- The Washington Times - Wednesday, February 27, 2002

PARIS Algerians thought democracy was at their doorstep a decade ago. Then the dream was crushed.

The country's first multiparty legislative elections were to crown the end of three decades of single-party rule and stand as a rare example of democracy in the Arab world.

But things did not go as planned. The Islamic Salvation Front, known as the FIS, a fledgling Muslim fundamentalist party, overwhelmingly won the first round of voting. Fear took hold, and in January 1992, the army canceled the final round.

Authorities attributed the Islamic victory to low voter turnout and behind-the-scenes trickery by the party. "We were ready to do anything to stop an election that was a masquerade," said now-retired Gen. Khaled Nezzar, then defense minister.

[The Algerian government announced Monday that parliamentary elections will be held May 30 and pledged a free and fair ballot, Reuters news agency and Agence France-Presse said, quoting the official Algerian news agency APS.

["President (Abdelaziz) Bouteflika vowed to uphold the respect of a fair poll and guarantee freedom of choice for the voters," APS said.

[The current parliament was elected in 1997 for a five-year term. Reuters said moderate centrist Islamists and secular opposition groups have representatives in the current 380-seat lower house, which is dominated by government supporters. The members of the upper house of parliament, the Council of the Nation, are picked from elected local authorities or appointed by the president.]

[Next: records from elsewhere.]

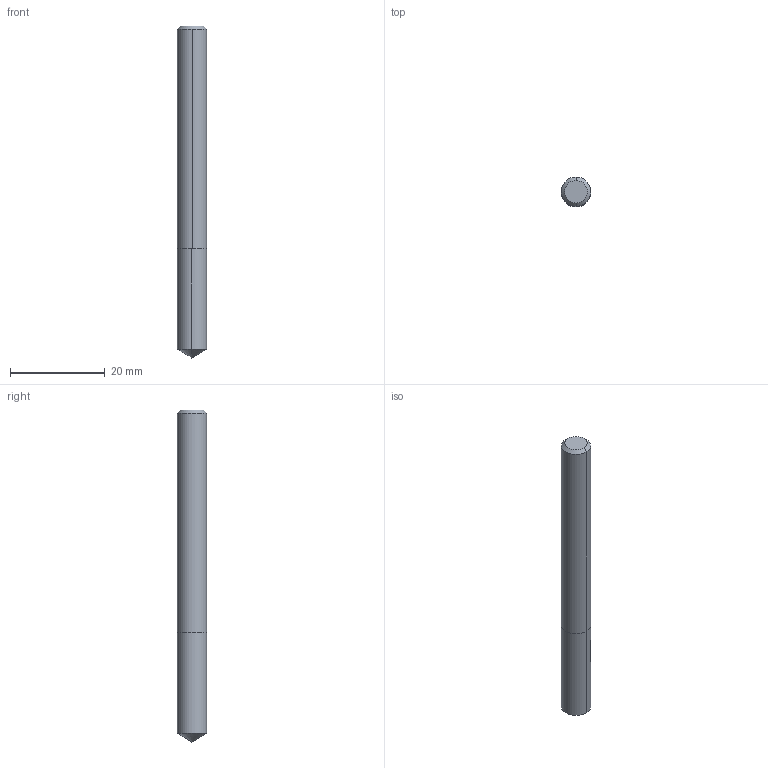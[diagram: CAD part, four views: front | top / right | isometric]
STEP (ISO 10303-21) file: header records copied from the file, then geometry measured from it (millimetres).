
FILE_DESCRIPTION (( 'STEP AP203' ), '1' );
FILE_NAME ('54618.step', '2021-09-03T07:52:37', ( '' ), ( '' ), 'SwSTEP 2.0', 'SolidWorks 2019', '' );
FILE_SCHEMA (( 'CONFIG_CONTROL_DESIGN' ));
Length unit declared in the file: millimetre
Products named in the file (1): 54618
Bounding box: 6.2 x 6.2 x 70 mm (x, y, z)
Volume: 2071.4 mm3; surface area: 1444.3 mm2
Topology: 2 solids, 2 shells, 11 faces, 20 edges, 11 vertices
Faces by surface type: cone 4, cylinder 4, plane 3
Entity records: 333 total; most frequent: DIRECTION 52, CARTESIAN_POINT 41, ORIENTED_EDGE 36, AXIS2_PLACEMENT_3D 22, EDGE_CURVE 18, ADVANCED_FACE 11, VERTEX_POINT 11, FACE_OUTER_BOUND 11

The decision to cancel the 1992 runoff vote unleashed violence by Islamic militants. It snowballed into a bloody insurgency by extremists that continues today.

But 10 years later, Gen. Nezzar says he has no regrets.

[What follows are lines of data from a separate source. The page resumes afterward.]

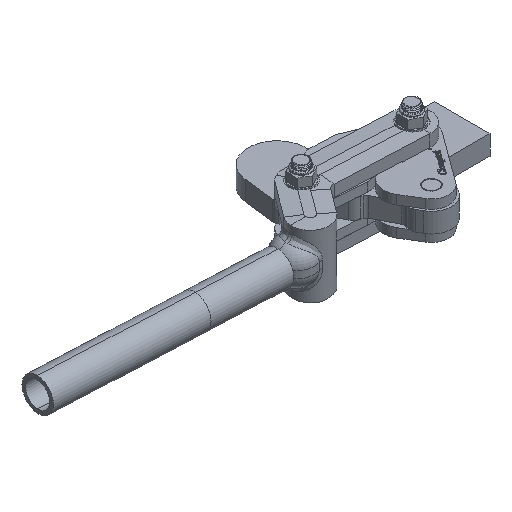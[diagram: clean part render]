
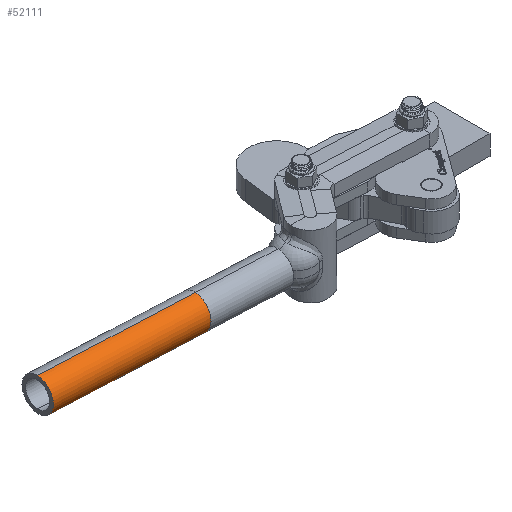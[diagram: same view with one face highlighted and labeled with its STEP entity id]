
A CAD part, isometric view. The second image highlights one B-rep face of the part: STEP entity #52111.
In plain terms, the highlighted cylindrical face has radius 10.85 mm (diameter 21.7 mm), a partial arc.
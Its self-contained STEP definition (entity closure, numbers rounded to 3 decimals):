
#281 = CARTESIAN_POINT ( 'NONE',  ( 258.64, -23.5, 10.25 ) ) ;
#286 = ORIENTED_EDGE ( 'NONE', *, *, #23531, .T. ) ;
#1126 = DIRECTION ( 'NONE',  ( 0., 0., -1. ) ) ;
#1632 = VERTEX_POINT ( 'NONE', #47915 ) ;
#2052 = EDGE_CURVE ( 'NONE', #1632, #21200, #8875, .T. ) ;
#3897 = EDGE_LOOP ( 'NONE', ( #15337, #14504, #286, #29501 ) ) ;
#4382 = CARTESIAN_POINT ( 'NONE',  ( 158.64, -23.5, 10.25 ) ) ;
#7547 = CARTESIAN_POINT ( 'NONE',  ( 258.64, -23.5, 31.95 ) ) ;
#8875 = CIRCLE ( 'NONE', #27433, 10.85 ) ;
#13722 = DIRECTION ( 'NONE',  ( 1., 0., 0. ) ) ;
#14504 = ORIENTED_EDGE ( 'NONE', *, *, #51555, .F. ) ;
#15337 = ORIENTED_EDGE ( 'NONE', *, *, #21265, .F. ) ;
#21200 = VERTEX_POINT ( 'NONE', #4382 ) ;
#21265 = EDGE_CURVE ( 'NONE', #53674, #21200, #54726, .T. ) ;
#22562 = CIRCLE ( 'NONE', #41069, 10.85 ) ;
#23012 = DIRECTION ( 'NONE',  ( 0., 0., 1. ) ) ;
#23531 = EDGE_CURVE ( 'NONE', #58574, #1632, #27513, .T. ) ;
#26162 = AXIS2_PLACEMENT_3D ( 'NONE', #32456, #46595, #23012 ) ;
#27433 = AXIS2_PLACEMENT_3D ( 'NONE', #57191, #29149, #1126 ) ;
#27513 = LINE ( 'NONE', #7547, #38518 ) ;
#29149 = DIRECTION ( 'NONE',  ( 1., 0., 0. ) ) ;
#29501 = ORIENTED_EDGE ( 'NONE', *, *, #2052, .T. ) ;
#31653 = CARTESIAN_POINT ( 'NONE',  ( 258.64, -23.5, 10.25 ) ) ;
#32456 = CARTESIAN_POINT ( 'NONE',  ( 258.64, -23.5, 21.1 ) ) ;
#33501 = CYLINDRICAL_SURFACE ( 'NONE', #26162, 10.85 ) ;
#34990 = FACE_OUTER_BOUND ( 'NONE', #3897, .T. ) ;
#38518 = VECTOR ( 'NONE', #49753, 1000. ) ;
#41069 = AXIS2_PLACEMENT_3D ( 'NONE', #41798, #13722, #46509 ) ;
#41798 = CARTESIAN_POINT ( 'NONE',  ( 258.64, -23.5, 21.1 ) ) ;
#41944 = CARTESIAN_POINT ( 'NONE',  ( 258.64, -23.5, 31.95 ) ) ;
#42275 = VECTOR ( 'NONE', #51874, 1000. ) ;
#46509 = DIRECTION ( 'NONE',  ( 0., 0., -1. ) ) ;
#46595 = DIRECTION ( 'NONE',  ( -1., 0., 0. ) ) ;
#47915 = CARTESIAN_POINT ( 'NONE',  ( 158.64, -23.5, 31.95 ) ) ;
#49753 = DIRECTION ( 'NONE',  ( -1., 0., 0. ) ) ;
#51555 = EDGE_CURVE ( 'NONE', #58574, #53674, #22562, .T. ) ;
#51874 = DIRECTION ( 'NONE',  ( -1., 0., 0. ) ) ;
#52111 = ADVANCED_FACE ( 'NONE', ( #34990 ), #33501, .T. ) ;
#53674 = VERTEX_POINT ( 'NONE', #31653 ) ;
#54726 = LINE ( 'NONE', #281, #42275 ) ;
#57191 = CARTESIAN_POINT ( 'NONE',  ( 158.64, -23.5, 21.1 ) ) ;
#58574 = VERTEX_POINT ( 'NONE', #41944 ) ;

"To go to the second round was to guarantee the death of a budding democracy and the state," he told the Algerian newspaper Le Matin in a special issue marking the 10th anniversary of the violence.

Former Prime Minister Sid Ahmed Ghozali, one of five officials who signed the 1992 cancellation decree, concurred.

"The stakes were the survival of Algeria, because it would have been finished if the Islamists took power," Mr. Ghozali told the French newspaper Le Monde.

However, Chadli Bendjedid, who was ousted as president just before the second round was aborted, says the voting should have continued.

"We should have left things alone and acknowledged our error," he told Le Matin. "We should have had confidence in the future, and preserved the democracy for future generations. Time would have unmasked the FIS."

And what about the next election? "If it … happens, the Islamic forces will win again," Mr. Ghozali told Le Monde. "The gap between the state and the citizen has not stopped growing."